It’s easier to visualize the outcome by plotting a survival curve. Once subscribers make certain number of payments, their chance of continuously paying (recurring payment) will become stablized. The goal of business becomes clearer, which is either to find a better way to get people to reach certain number of payments (let’s say 12 for ‘Month’), or bring the “finish line” closer to the subscribers, e.g. find a way to shorten the number of payments in order to flatten, stablize the survival curve. In the long run, keeping customers to stay longer with us by reducing churn or increasing retention rate is the key to grow profit for the business.

ggsurvplot(
        fit = survfit(Surv(lifetime, status) ~ billing_period, data = unnest(dfNest)), 
        xlab = "Payments", 
        ylab = "Overall survival probability")
## Warning: `cols` is now required.
## Please use `cols = c(data)`

## Warning: `cols` is now required.
## Please use `cols = c(data)`

How about expecting life expectancy?

To answer this question, we can simply sum up the area under the curve to find the expected value. However, we do not collect future data and we can only expect (or wish) them to pay us indefinitely. For example, subscribers signed up for our monthly plan, since we roughly launched our business for two years, the maximum number of payments that they can pay us is 24 and we can see that there is a long tail trailing to the right. We still have to come up with a reasonable “stop” or “end point” to the x-axis.
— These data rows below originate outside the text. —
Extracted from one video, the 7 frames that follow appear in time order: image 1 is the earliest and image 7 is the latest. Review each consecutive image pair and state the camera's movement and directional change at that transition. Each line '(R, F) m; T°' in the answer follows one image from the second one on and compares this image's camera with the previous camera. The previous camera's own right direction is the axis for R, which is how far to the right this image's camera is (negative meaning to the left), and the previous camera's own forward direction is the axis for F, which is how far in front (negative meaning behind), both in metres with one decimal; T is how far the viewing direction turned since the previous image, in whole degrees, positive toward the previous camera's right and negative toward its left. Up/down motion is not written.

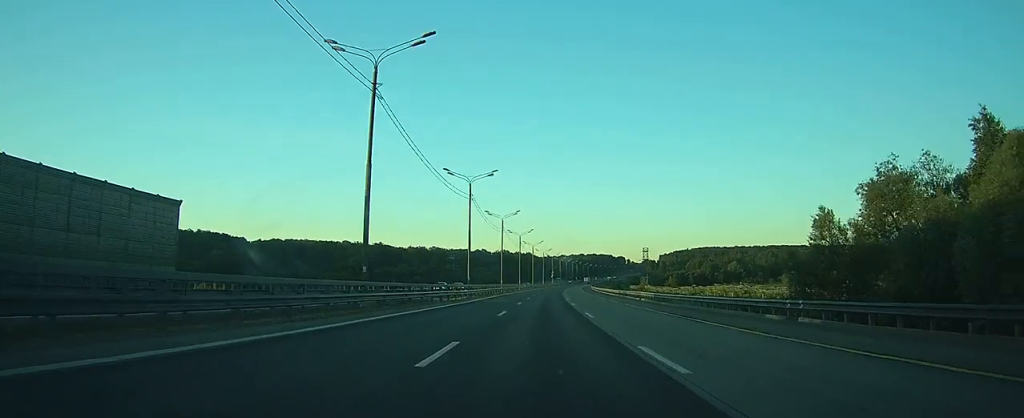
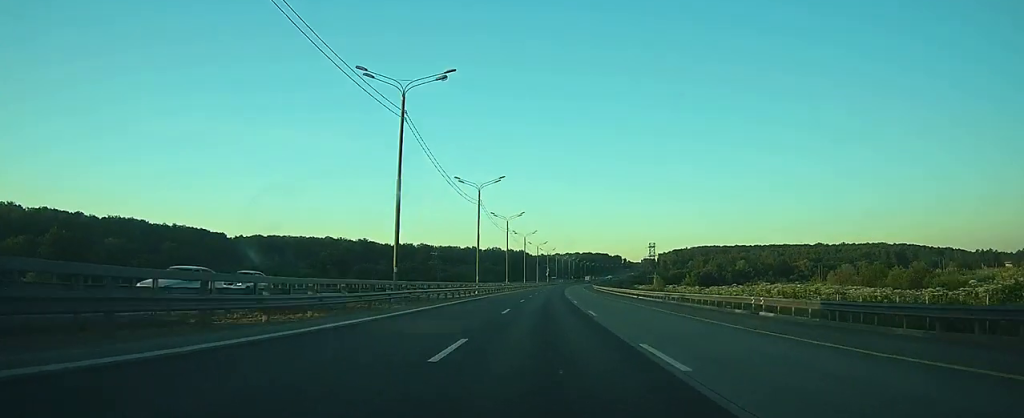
(+0.2, +31.8) m; 0°
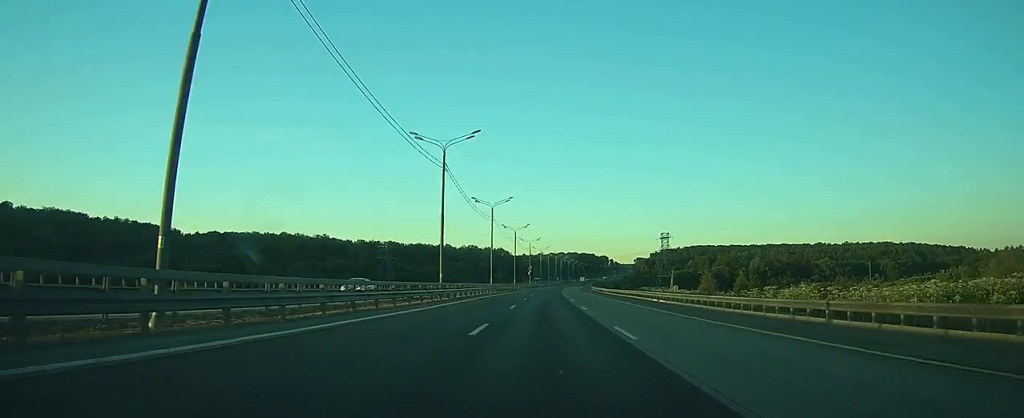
(+0.4, +58.6) m; +1°
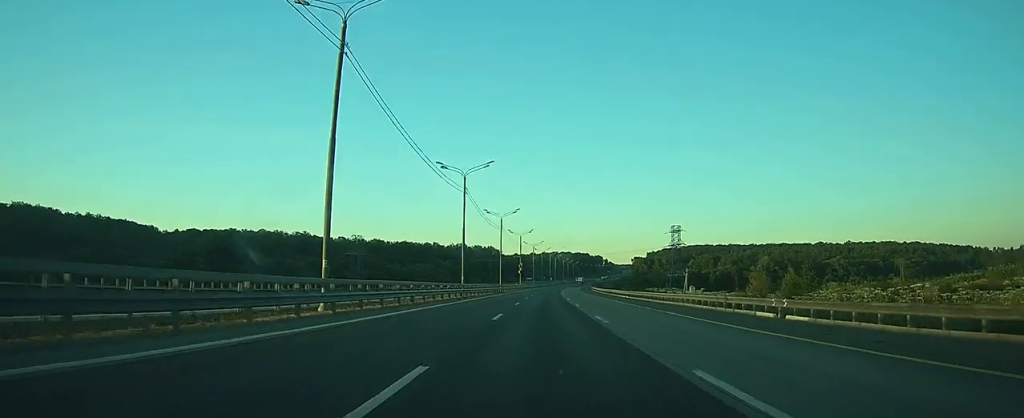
(+0.3, +25.8) m; +1°
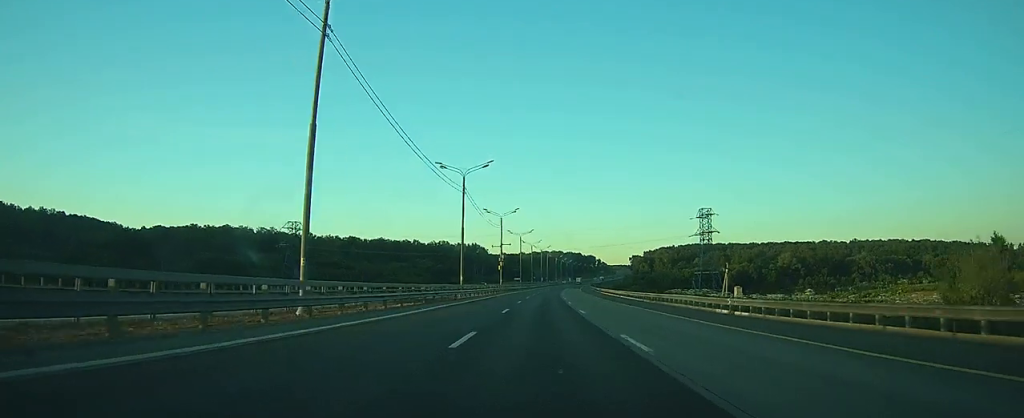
(+0.4, +40.3) m; +1°
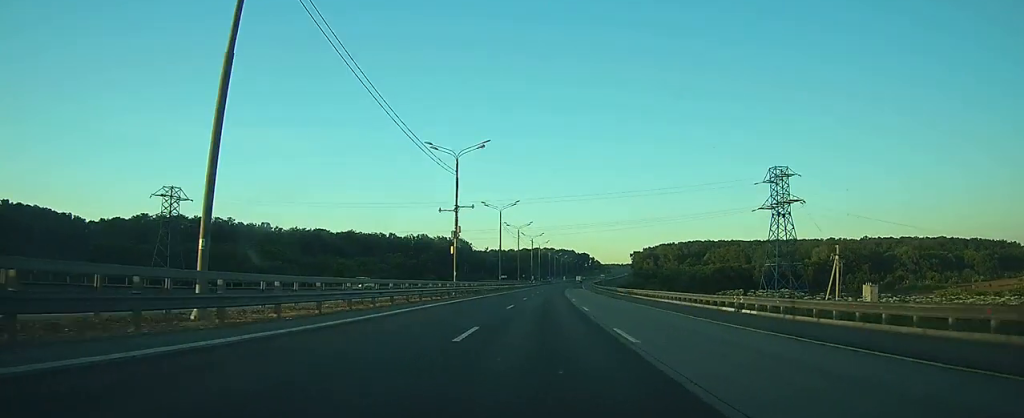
(+0.4, +46.6) m; +1°
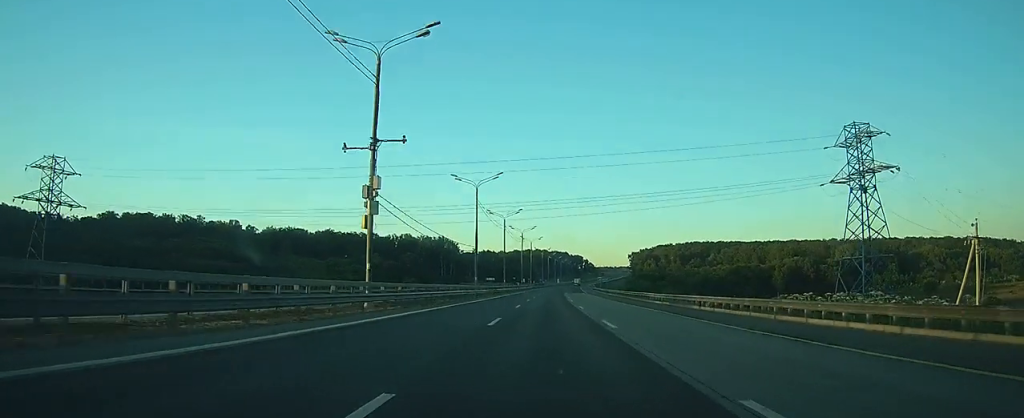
(0.0, +25.9) m; +1°

Therefore, there are two things we can do. First option, we can sum up the esimate to get the expected value (lifetime expectancy) for each billing period. That’s the lifetime expectancy for now (our second year), but as we continue to grow our business (into our third, fourth, fifth year and so forth), the expectancy will change and prolong. Although the outcome is flexible (because it will change and shift once we get more data), we may want to have something more concrete so that we can use it in another process (such as calculating lifetime value based on lifetime expectancy). Second option, we can set up a hard “stop” for each payment cohort. This is the part completely based on business acumen or experts’ opinion. For example, we only expect people to pay us for the maximum of next four years regardless of how many payments that they have made or whatever subscription plan that they have signed up for. For example, for people who already made their first monthly payment, we expect the maximum number of payments that they would have pay us is 48. Similarly, for people already paid their twenty-fourth monthly payment, the maximum number of extended payments (which is how many more that they will pay us in the future) is also 48.

# option 1
option_1 <- overall_survival_result %>% group_by(billing_period) %>% summarise(lifetime = sum(estimate))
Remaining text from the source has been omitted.